◆ Task brief ◆
Please return every line of the records that contains the word "fill".

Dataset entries
····················

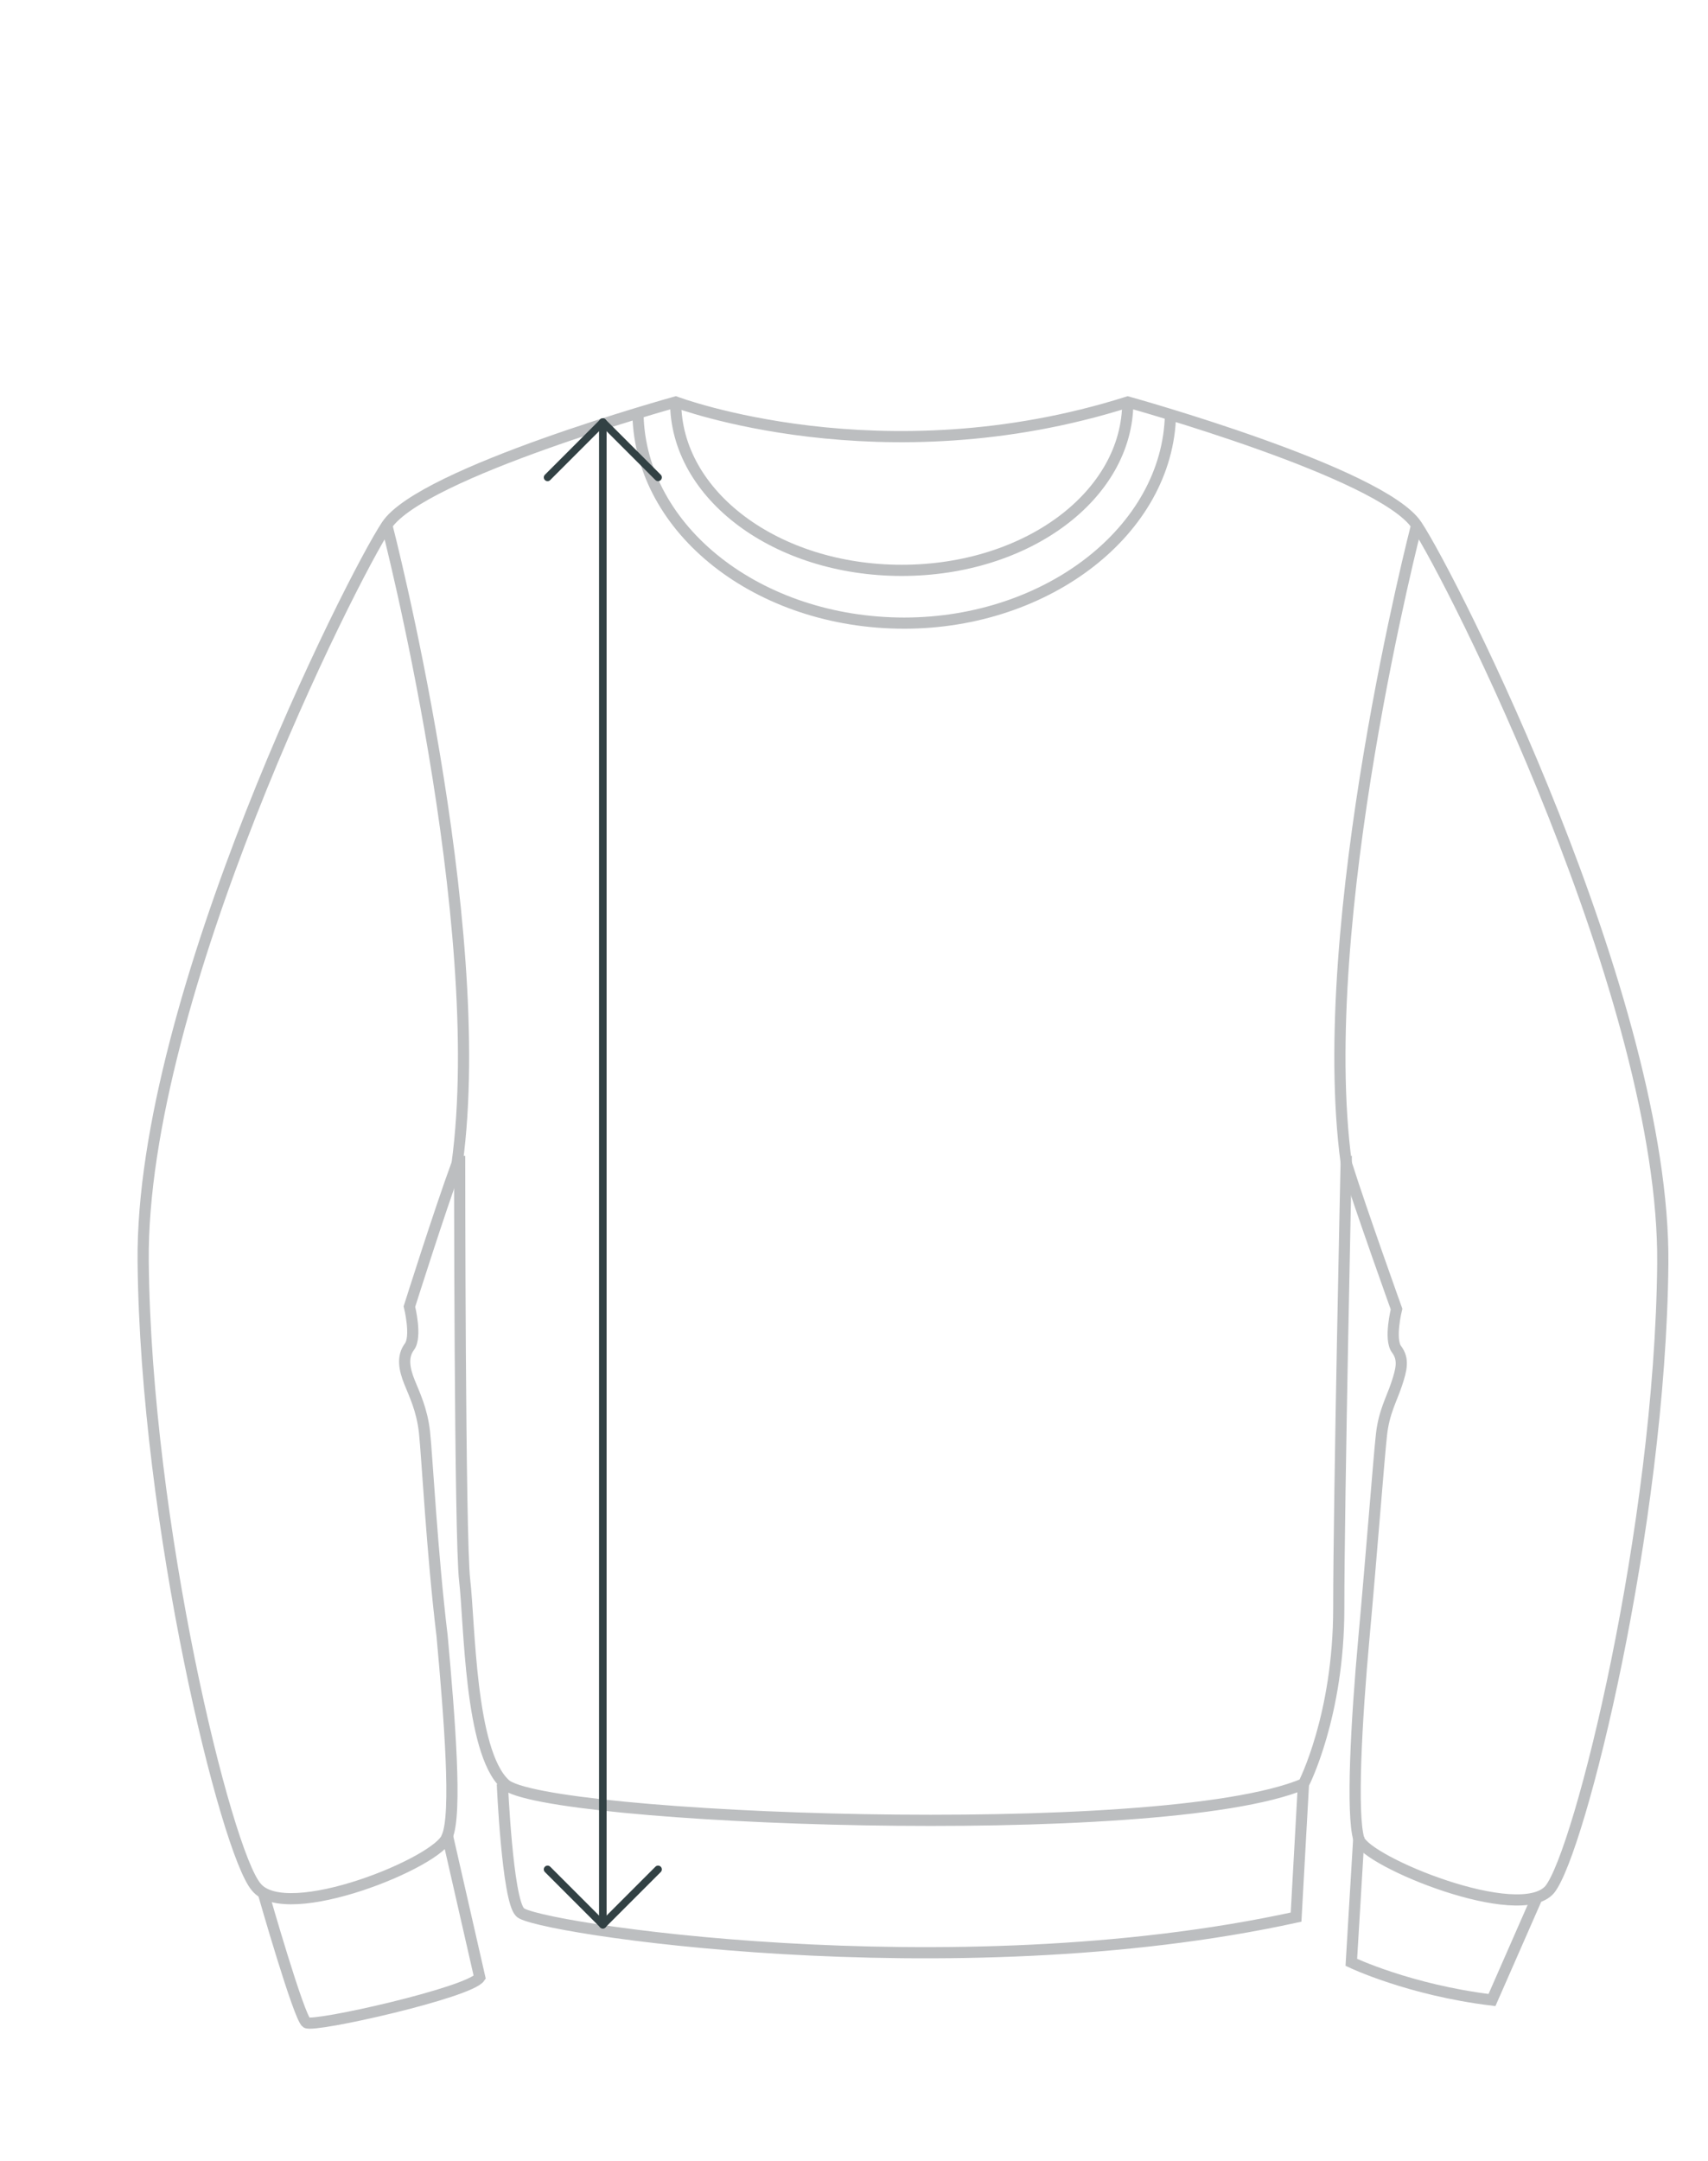 <?xml version="1.0" encoding="UTF-8"?>
<svg xmlns="http://www.w3.org/2000/svg" xmlns:xlink="http://www.w3.org/1999/xlink" version="1.1" id="Layer_1" x="0px" y="0px" viewBox="0 0 68 86" style="enable-background:new 0 0 68 86;" xml:space="preserve">
<style type="text/css">
	.st0{fill:none;stroke:#BCBEC0;stroke-width:0.445;stroke-miterlimit:10;}
	.st1{fill:none;stroke:#324144;stroke-width:0.3;stroke-linecap:round;stroke-linejoin:round;stroke-miterlimit:10;}
</style>
<g>
	<path class="st0" d="M18.2,46.3c-0.7,1.9-1.9,5.7-1.9,5.7s0.3,1.2,0,1.6c-0.3,0.4-0.2,0.9,0,1.4s0.5,1.1,0.6,2s0.3,4.8,0.7,8.1   c0.3,3.3,0.6,7.1,0.2,8c-0.3,1-6.4,3.5-7.6,2C9,73.7,5.8,60.7,5.7,50.2S14,23,15.4,20.9S26.9,16,26.9,16s8.2,3.1,18,0   c0,0,10.1,2.8,11.5,4.9s9.9,18.9,9.8,29.4s-3.3,23.4-4.5,24.9c-1.2,1.4-7.3-1.1-7.6-2c-0.3-1-0.1-4.7,0.2-8   c0.3-3.3,0.6-7.2,0.7-8.1c0.1-0.9,0.4-1.4,0.6-2s0.3-1,0-1.4s0-1.6,0-1.6s-1.4-3.9-2-5.8"></path>
	<path class="st0" d="M15.4,20.9c0,0,4.1,15.8,2.8,25.4"></path>
	<g>
		<path class="st0" d="M56.4,20.9c0,0-4.1,15.8-2.8,25.4"></path>
	</g>
	<path class="st0" d="M18.3,46c0,0,0,15.2,0.2,16.9c0.2,1.7,0.2,6.8,1.6,8.1c1.4,1.4,26.1,2.4,31.8,0c0,0,1.4-2.7,1.4-7   s0.3-18,0.3-18"></path>
	<path class="st0" d="M20,71c0,0,0.2,4.6,0.7,5.1c0.4,0.6,17.2,3.2,30.9,0.2l0.3-5.4"></path>
	<path class="st0" d="M10.5,75.4c0,0,1.4,4.9,1.7,5.1s6.5-1.2,6.9-1.8L17.8,73"></path>
	<path class="st0" d="M54.1,73.1l-0.3,5c0,0,2.3,1.1,5.6,1.5l1.8-4.1"></path>
</g>
<path class="st0" d="M44.9,16c0,3.7-4,6.7-9,6.7s-9-3-9-6.7"></path>
<path class="st0" d="M46.6,16.5c-0.1,4.6-4.9,8.3-10.6,8.3c-5.8,0-10.5-3.7-10.6-8.3"></path>
<desc>Created with Sketch.</desc>
<g>
	<line class="st1" x1="24" y1="16.8" x2="24" y2="76.6"></line>
	<g>
		<line class="st1" x1="24" y1="76.6" x2="21.8" y2="74.4"></line>
		<line class="st1" x1="26.2" y1="74.4" x2="24" y2="76.6"></line>
	</g>
	<g>
		<line class="st1" x1="24" y1="16.8" x2="26.2" y2="19"></line>
		<line class="st1" x1="21.8" y1="19" x2="24" y2="16.8"></line>
	</g>
</g>
</svg>

····················

◆ Reply ◆
	.st0{fill:none;stroke:#BCBEC0;stroke-width:0.445;stroke-miterlimit:10;}
	.st1{fill:none;stroke:#324144;stroke-width:0.3;stroke-linecap:round;stroke-linejoin:round;stroke-miterlimit:10;}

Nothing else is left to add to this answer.